Toquei novamente na questão da política porque gostaria que me dissesse o que sente acerca dos ataques pelo qual a Petra Costa é alvo desde o lançamento de “Democracia em Vertigem”. Não sente raiva?

Não sei se diria raiva, porque grande parte disso são ataques orquestrados, são "robôs". Depois de terem me atacado, seguiram em frente contra a Patrícia Campos Mello, que é a jornalista que revelou o esquema de corrupção e fabricação de fake news que beneficiaram a campanha eleitoral de Bolsonaro.
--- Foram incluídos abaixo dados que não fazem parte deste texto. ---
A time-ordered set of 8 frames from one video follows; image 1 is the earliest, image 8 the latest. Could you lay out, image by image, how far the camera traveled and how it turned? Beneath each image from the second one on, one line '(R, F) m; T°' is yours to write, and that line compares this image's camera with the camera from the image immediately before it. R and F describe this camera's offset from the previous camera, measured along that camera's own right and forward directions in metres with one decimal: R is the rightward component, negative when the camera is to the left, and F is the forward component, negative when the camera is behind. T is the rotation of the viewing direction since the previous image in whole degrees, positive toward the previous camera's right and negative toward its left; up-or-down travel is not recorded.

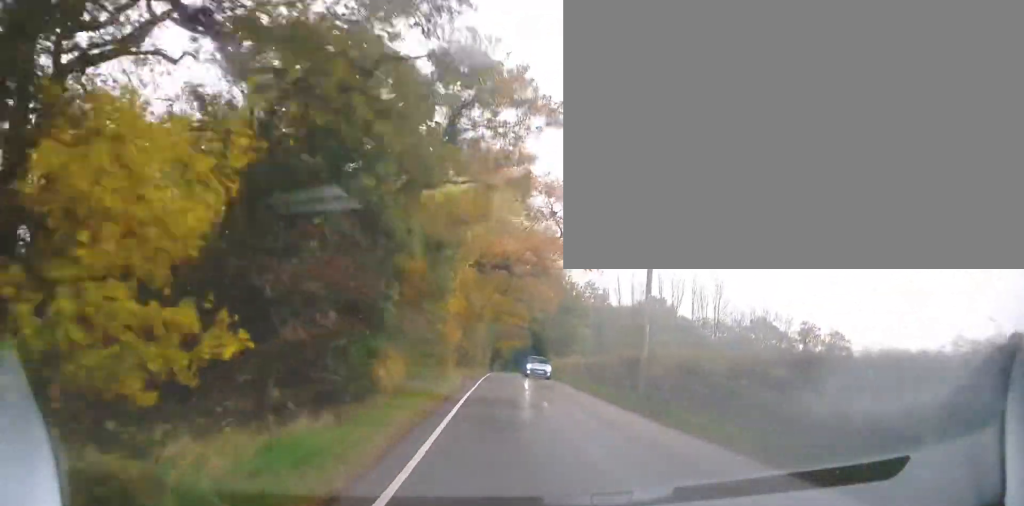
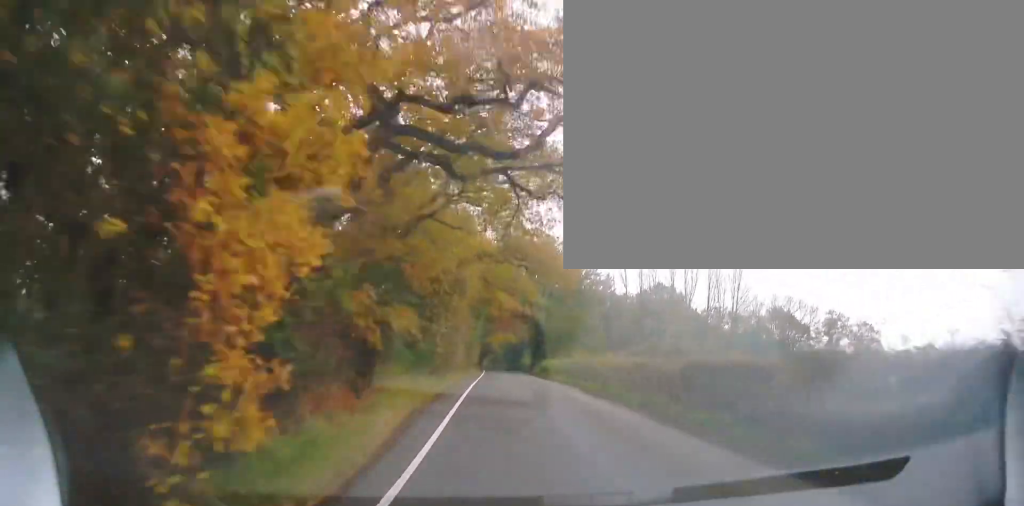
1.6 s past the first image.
(-0.2, +14.9) m; 0°
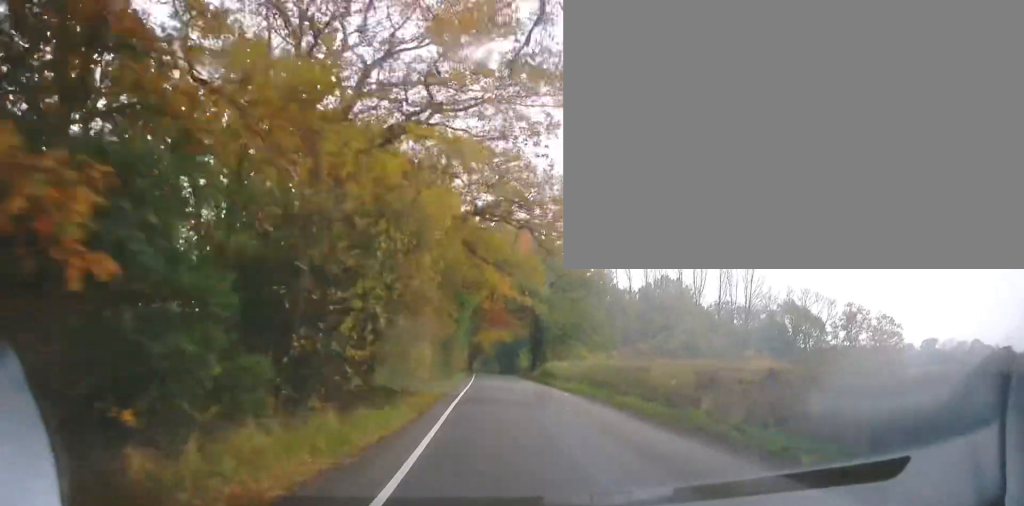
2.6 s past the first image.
(+0.2, +9.6) m; +2°
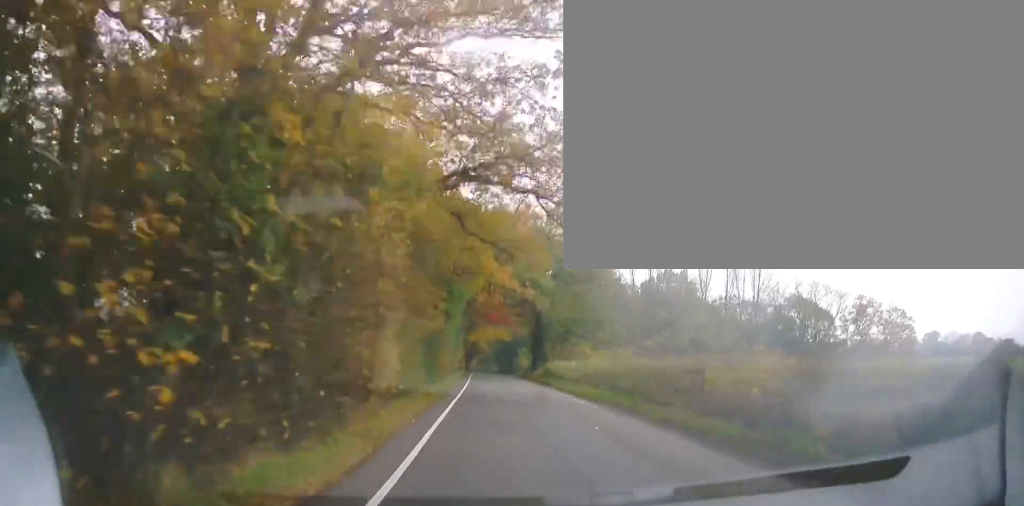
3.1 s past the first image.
(+0.1, +4.4) m; +1°
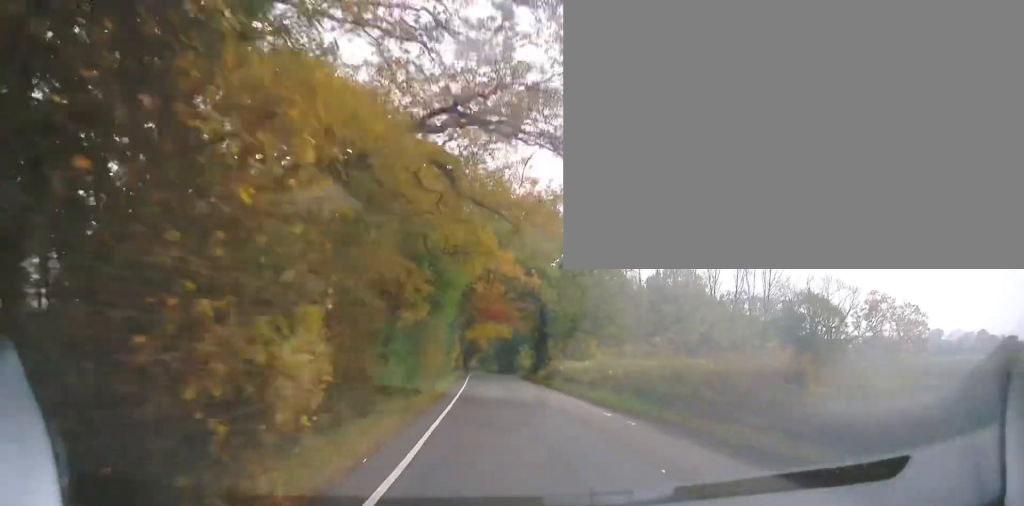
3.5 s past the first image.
(0.0, +4.2) m; 0°
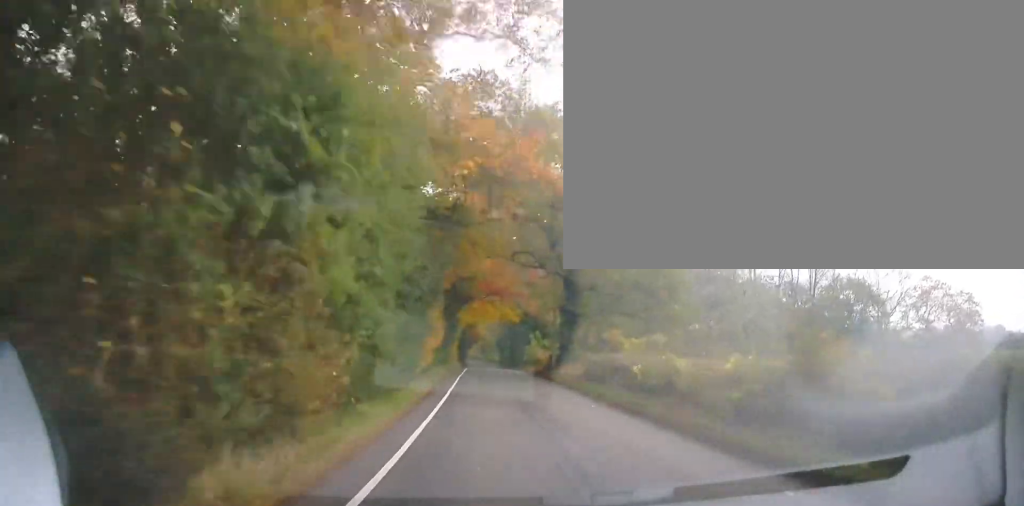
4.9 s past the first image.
(0.0, +14.2) m; 0°
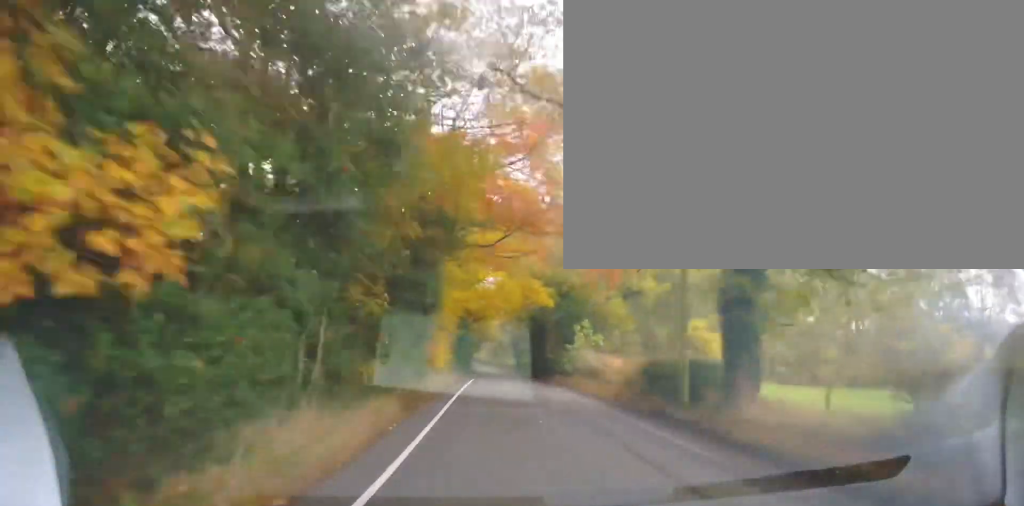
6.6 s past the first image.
(-0.4, +19.9) m; -2°
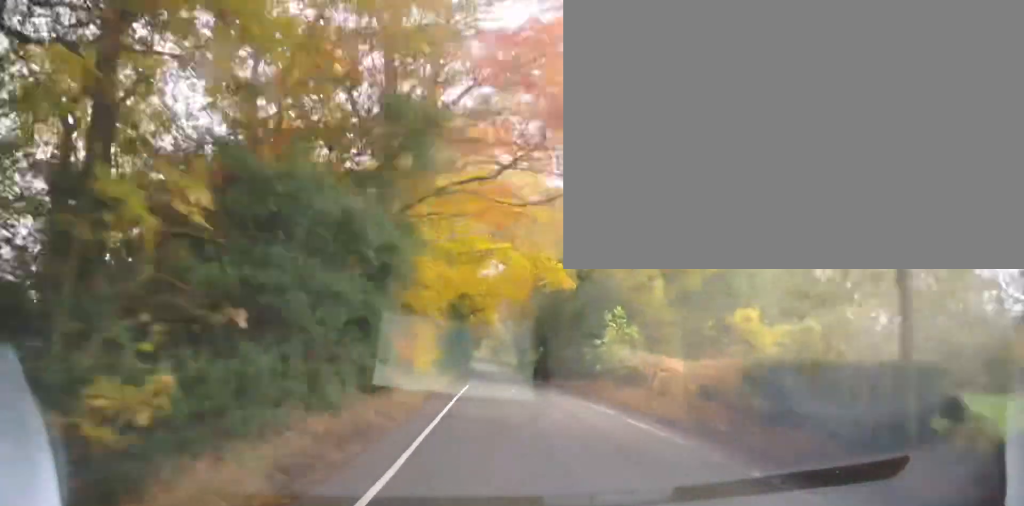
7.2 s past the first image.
(-0.1, +7.0) m; 0°
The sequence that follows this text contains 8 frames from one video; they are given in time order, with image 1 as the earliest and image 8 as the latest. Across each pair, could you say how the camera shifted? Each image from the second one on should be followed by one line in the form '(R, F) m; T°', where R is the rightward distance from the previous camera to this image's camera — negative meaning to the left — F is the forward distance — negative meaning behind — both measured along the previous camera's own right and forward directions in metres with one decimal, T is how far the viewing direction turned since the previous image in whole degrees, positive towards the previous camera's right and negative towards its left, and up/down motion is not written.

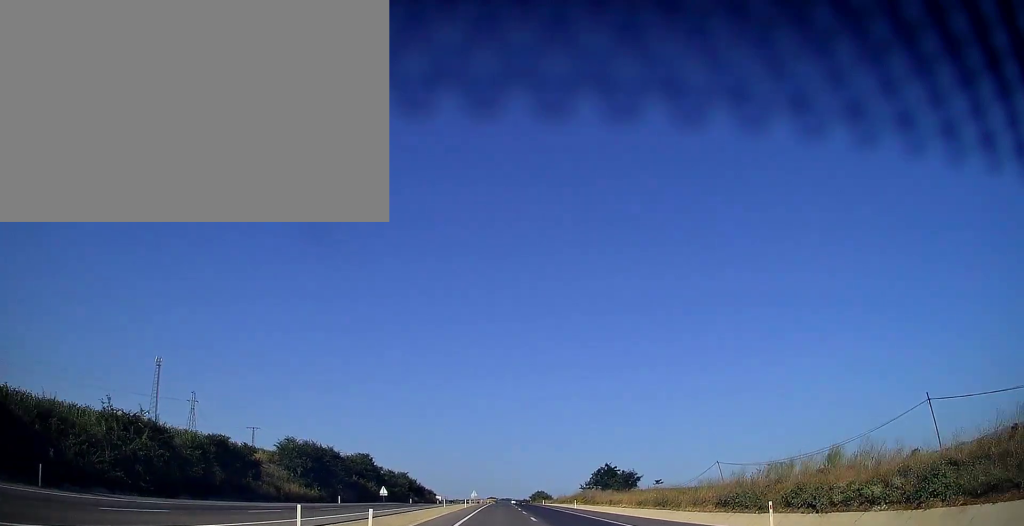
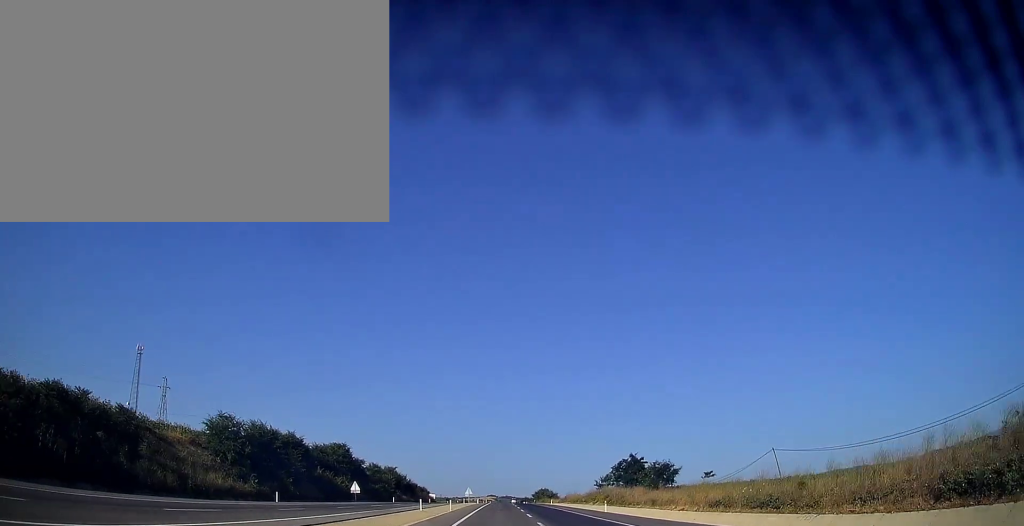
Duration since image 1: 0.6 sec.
(+0.1, +18.7) m; 0°
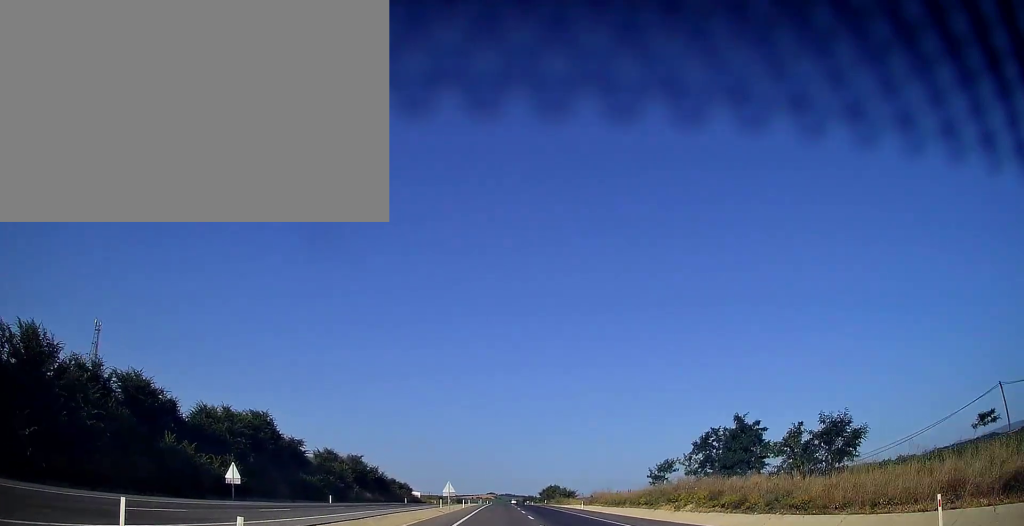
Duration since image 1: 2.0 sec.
(-0.2, +39.3) m; 0°
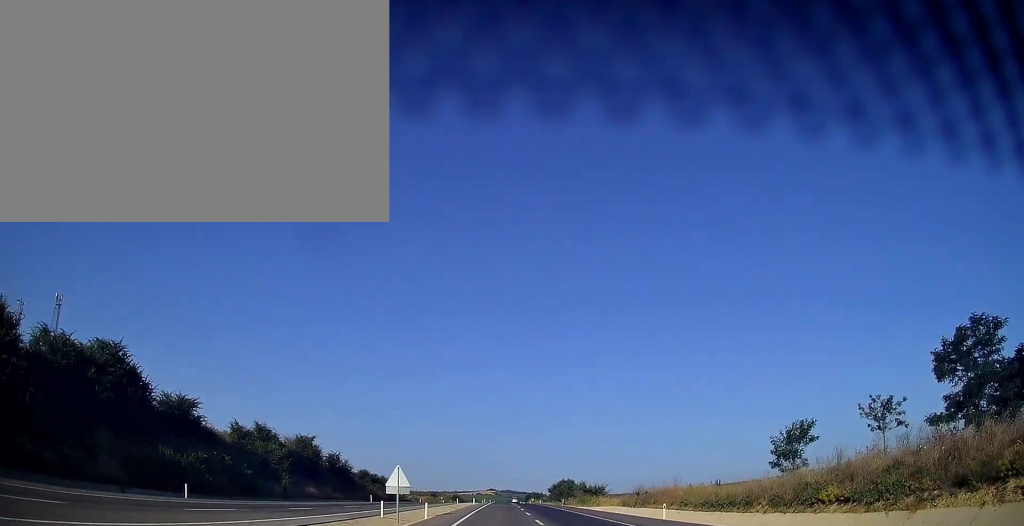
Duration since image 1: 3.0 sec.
(0.0, +30.5) m; 0°
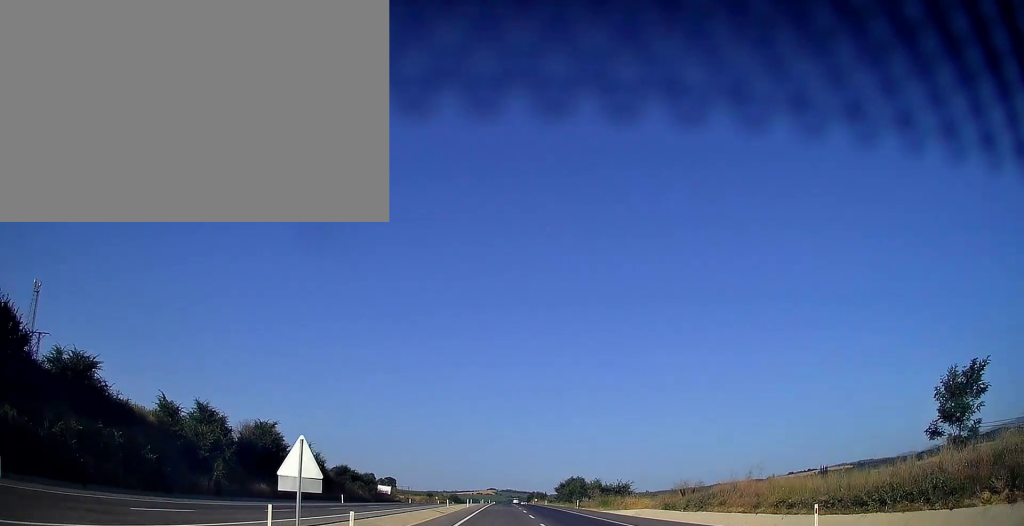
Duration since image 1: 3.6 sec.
(+0.1, +16.7) m; 0°
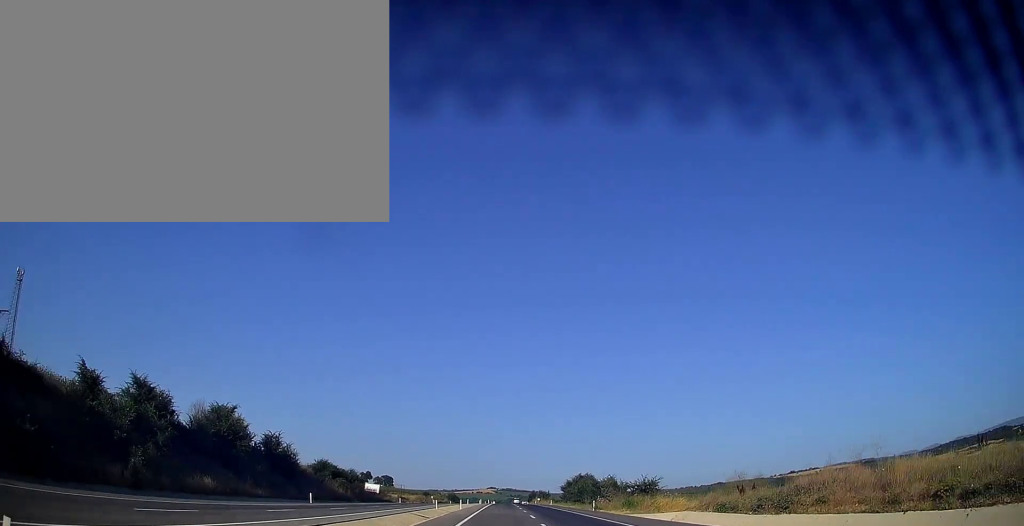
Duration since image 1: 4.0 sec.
(-0.1, +11.8) m; 0°
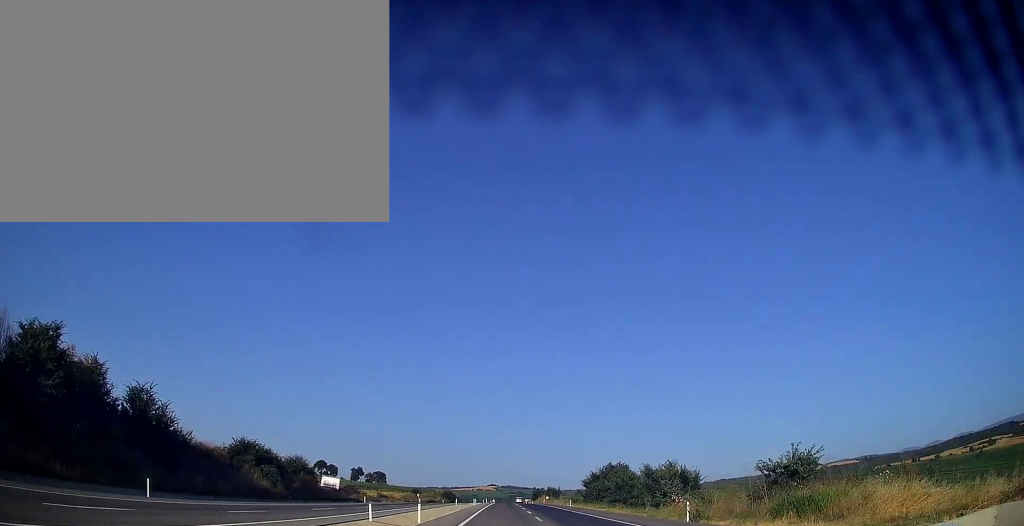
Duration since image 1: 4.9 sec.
(-0.1, +28.5) m; 0°
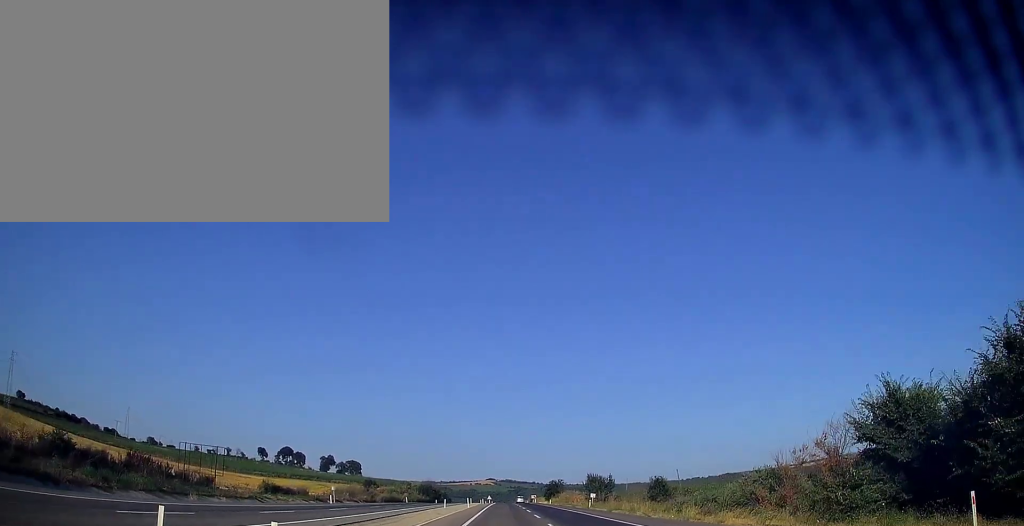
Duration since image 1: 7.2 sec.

Isto não passa de uma “caça às bruxas”, vindo de um ímpeto machista que muito privilegia os erros do próprio governo, com apenas o intuito de atacar.

Assim que João Dória [governador de São Paulo] começou a posicionar-se a favor da quarentena e contra as indicações do Presidente, surgiu no Twitter, trends como #ForaDoria, #ImpeachmentDoria ou até mesmo #ImpeachmentMaia. São claramente ações orquestradas por robôs. Eles dominam essa tecnologia, por isso é uma tarefa das nossas instituições aprenderem rapidamente como os controlar, assim como as redes sociais como o Twitter e Facebook, a punir e controlar esses robots. Porque são um quinto poder que ameaça a nossa liberdade de expressão e influencia a nossa democracia. Não possuem qualquer tipo de regularização. Estão a colaborar com a reeleição dele e a destruir a nossa democracia. Ainda estamos muito atrasados em controlar esses exames tóxicos que estão extraviando as nossas redes. É uma tristeza, porque é um ataque a mim hoje, mas amanhã poderá ser a outro. É um ataque a todos.

Em Berlim deste ano, a produtora Sara Silveira (“Todos os Mortos”) fez um discurso emocionante na conferência de imprensa, proclamando o cinema como resistência. Acredita que o cinema brasileiro é a grande resistência da democracia brasileira?

É uma importante fonte de resistência desse avanço autoritário. Tem sido, ao longo das décadas, como nos últimos anos.